I kept saying in my NaNo Retrospective post that I would continue the point in another post – mostly this one! Because I suppose ultimately I didn’t have much to say about this years NaNo on it’s own. I will cover a lot in context with my yearly wrap-up post, and I also knew I wanted to write this post which would talk about some of the problems (or are they problems?) that I experienced.

In life we are surrounded by habit trackers. I have an apple watch and I love that thing but the “three rings everyday” thing just isn’t realistic, at least not for me. I have a 4thewords account and there are other sites (750 words is one I think?) that encourage streaks of writing every single day. If you google about productivity it says instituting habits is a good method, as it takes the decision process out. You do the task because you are supposed to do the task and it’s automatic and requires less willpower. Daily habits are a good thing and they are supposed to help! But are they realistic?
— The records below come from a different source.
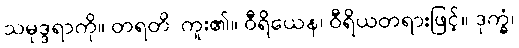
သမုဒ္ဒရာကို။ တရတိ၊ ကူး၏။ ဝီရိယေန၊ ဝီရိယတရားဖြင့်။ ဒုက္ခံ၊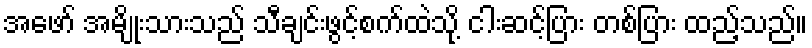
အဖော် အမျိုးသားသည် သီချင်းဖွင့်စက်ထဲသို့ ငါးဆင့်ပြား တစ်ပြား ထည့်သည်။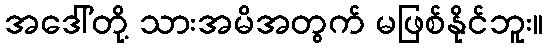
အဒေါ်တို့ သားအမိအတွက် မဖြစ်နိုင်ဘူး။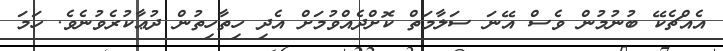
އެއްޗެކޭ ބުނުމުން ވެސް އޭނަ ސަލާމަތް ކޮށްދެއްވުމަށް އެދި ހިތާހިތުން ދުޢާކުރެވުނެވެ. ހަމަ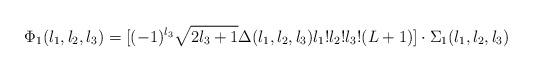
LaTeX: \begin{align*}\Phi_{1}(l_{1},l_{2},l_{3})=[(-1)^{l_{3}}\sqrt{2l_{3}+1}\Delta(l_{1},l_{2},l_{3})l_{1}!l_{2}!l_{3}!(L+1)]\cdot\Sigma_{1}(l_{1},l_{2},l_{3})\end{align*}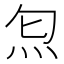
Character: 𤆫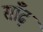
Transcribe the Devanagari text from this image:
साँढ़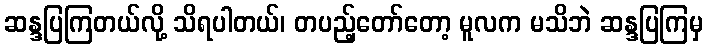
ဆန္ဒပြကြတယ်လို့ သိရပါတယ်၊ တပည့်တော်တော့ မူလက မသိဘဲ ဆန္ဒပြကြမှ

I have struggled with consistency forever. It has been a problem and something I have wanted to work on and ‘fix’ for years. I feel like if I could conquer the consistency problem then I would be able to be on track and ‘win’ at what I need to do. How many times have I lamented about my lack of focus? Bemoaned having good days and “why can’t I do that all the time?” It’s misery making. I want it and it just doesn’t happen. But should it?
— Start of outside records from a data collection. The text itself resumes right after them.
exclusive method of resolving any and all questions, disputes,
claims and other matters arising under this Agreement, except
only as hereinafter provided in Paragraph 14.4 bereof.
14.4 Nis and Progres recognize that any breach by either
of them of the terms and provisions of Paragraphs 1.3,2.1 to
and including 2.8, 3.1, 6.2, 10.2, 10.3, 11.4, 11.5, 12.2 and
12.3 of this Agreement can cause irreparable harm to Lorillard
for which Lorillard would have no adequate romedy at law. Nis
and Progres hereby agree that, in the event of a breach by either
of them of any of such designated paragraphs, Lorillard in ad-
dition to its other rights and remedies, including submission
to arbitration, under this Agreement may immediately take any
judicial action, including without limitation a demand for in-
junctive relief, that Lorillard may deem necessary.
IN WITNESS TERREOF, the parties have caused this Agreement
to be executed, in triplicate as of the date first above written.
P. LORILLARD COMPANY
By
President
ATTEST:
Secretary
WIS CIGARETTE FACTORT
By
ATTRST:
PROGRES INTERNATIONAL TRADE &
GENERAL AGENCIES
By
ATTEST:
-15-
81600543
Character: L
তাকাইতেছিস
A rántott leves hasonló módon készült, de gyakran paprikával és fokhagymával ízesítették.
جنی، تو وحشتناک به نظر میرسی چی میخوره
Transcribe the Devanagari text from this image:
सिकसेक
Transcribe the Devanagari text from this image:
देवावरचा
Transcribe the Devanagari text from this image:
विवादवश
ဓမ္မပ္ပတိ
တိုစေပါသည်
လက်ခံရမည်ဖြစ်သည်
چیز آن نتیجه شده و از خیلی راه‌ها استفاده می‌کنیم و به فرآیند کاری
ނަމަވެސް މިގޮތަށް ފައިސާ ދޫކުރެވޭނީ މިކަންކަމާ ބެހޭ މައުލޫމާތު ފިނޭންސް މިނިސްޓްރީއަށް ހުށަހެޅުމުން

The ‘standard’ work week of Monday-Friday 9-5 has a lot wrong with it but it does leave the weekends. These are often not for relaxing but for other tasks but the tasks are different and for the purposes of my point that is enough. Even in the gruelling ‘standard’ 40 hour work week there is a mental break with the weekends from that kind of work at least. (I know a lot of people work Saturdays, or 7 days a week, or multiple jobs, and the 5 day a week 9-5 grind is no picnic anyway, that’s not what I am saying). Wait what was my point? Right my point is doing the same thing every single day, 7 days a week, 365 days a year, might be like a nirvana goal but is that even healthy?
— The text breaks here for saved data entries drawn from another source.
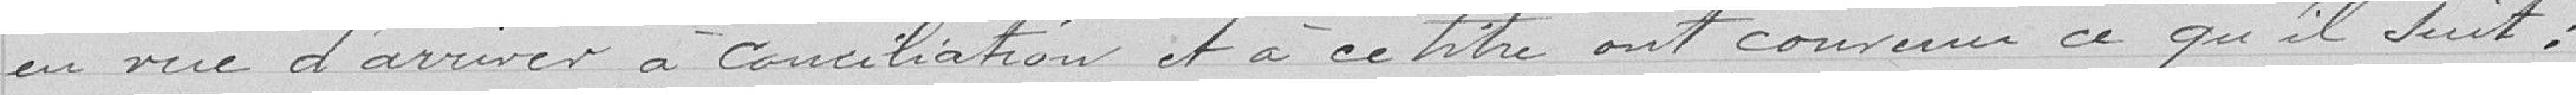
en vue d'arriver à conciliation et à ce titre ont convenu ce qui suit :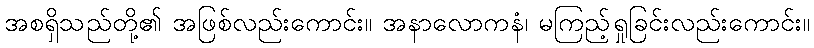
အစရှိသည်တို့၏ အဖြစ်လည်းကောင်း။ အနာလောကနံ၊ မကြည့်ရှုခြင်းလည်းကောင်း။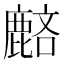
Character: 𪊺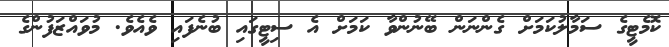
ކޮމެޓީގެ ސަމާލުކަމަށް ގެންނަން ބޭނުންވާ ކަމަށް އެ ސިޓީގައި ބުނެފައި ވެއެވެ. މުވައްޒަފުންގެ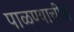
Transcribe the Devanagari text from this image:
पाळण्याचीच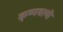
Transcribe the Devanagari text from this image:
कृष्णवाणी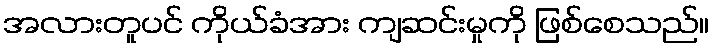
အလားတူပင် ကိုယ်ခံအား ကျဆင်းမှုကို ဖြစ်စေသည်။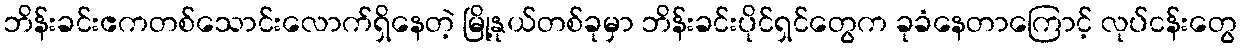
ဘိန်းခင်းဧကတစ်သောင်းလောက်ရှိနေတဲ့ မြို့နုယ်တစ်ခုမှာ ဘိန်းခင်းပိုင်ရှင်တွေက ခုခံနေတာကြောင့် လုပ်ငန်းတွေ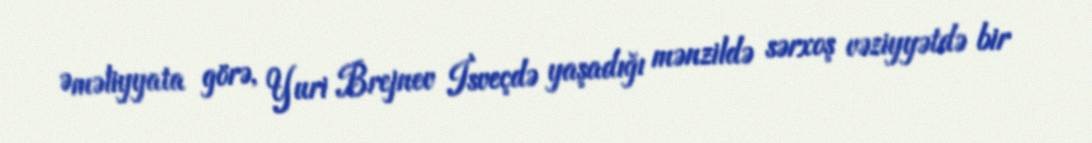
Əməliyyata görə, Yuri Brejnev İsveçdə yaşadığı mənzildə sərxoş vəziyyətdə bir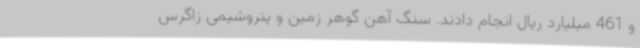
و 461 میلیارد ریال انجام دادند. سنگ آهن گوهر زمین و پتروشیمی زاگرس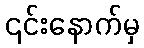
၎င်းနောက်မှ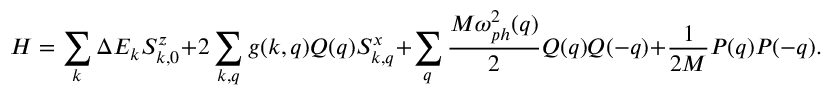
H = \sum _ { k } \Delta E _ { k } S _ { k , 0 } ^ { z } + 2 \sum _ { k , q } g ( k , q ) Q ( q ) S _ { k , q } ^ { x } + \sum _ { q } \frac { M \omega _ { p h } ^ { 2 } ( q ) } { 2 } Q ( q ) Q ( - q ) + \frac { 1 } { 2 M } P ( q ) P ( - q ) .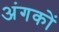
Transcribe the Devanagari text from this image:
अंगकों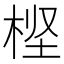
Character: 㭴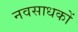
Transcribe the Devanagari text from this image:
नवसाधकों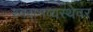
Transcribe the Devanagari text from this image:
श्वसनव्यस्थेवर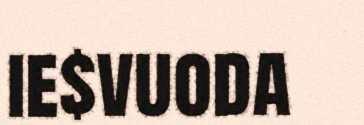
ie$vuoda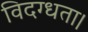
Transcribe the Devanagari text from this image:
विदग्धता।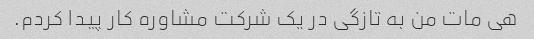
هی مات من به تازگی در یک شرکت مشاوره کار پیدا کردم.

My dream life is to be creative for a living. To earn money through writing, maybe even through art (unlikely but hey that’s why it’s a dream). I remember with NaNo for the first couple of years I did the “midnight start” and it was exciting, it was like a party, and the whole ‘literary abandon’ thing of prepping your month, reducing other responsibilities to throw yourself into writing – that’s not reasonable longterm. I know as far as back 2012 I decided if I wanted to do this thing year round/with a view to being professional I had to stop treating NaNo like a special holiday and be more reasonable about it. No more midnight starts, life continues mostly as normal etc. And the thing with normal life is that shit happens.

Today I am writing blog posts because I am fighting against the blackness of depression that just wants me to curl up in a dark corner and disappear. I need a distraction so I don’t spend the day sobbing and feeling worse and worse, and I am trying to do something semi-productive rather than just video games. I have a metric-ton of writing I need to do to finish the draft by the end of the month. I have a lot of art I need to do for some deadlines around Christmas, but today it’s just not happening. I hate myself for that as I am then another day ‘behind’ and also it makes the streaks look sad.

I want to be the type of person that works hard on a consistent basis. I think for anybody every single day is a bad idea as rest is important. My ‘ideal’ is 6 days a week which hurts with those streaks because they are all designed for 7 – everyday. There is no give in them for bad days, for illness, for family events, for holidays, for doctors appointments etc.

I got my NaNo 50k by writing 18 of the 30 days. That wasn’t an even spread of words. Some days I got a few hundred, other days I got several thousand. It was as opposite to being consistent as you can get really – and yet in the end I had the same amount as someone who wrote the 1,667 every single day. I don’t like my approach because I always feel like I could (and should!) have done more but perhaps my approach exists because that was the limit of my capabilities. I did what I could, when I could, and the amount varied because of my mental state/outside factors. That’s life, that’s practical, that’s dare I say, reasonable?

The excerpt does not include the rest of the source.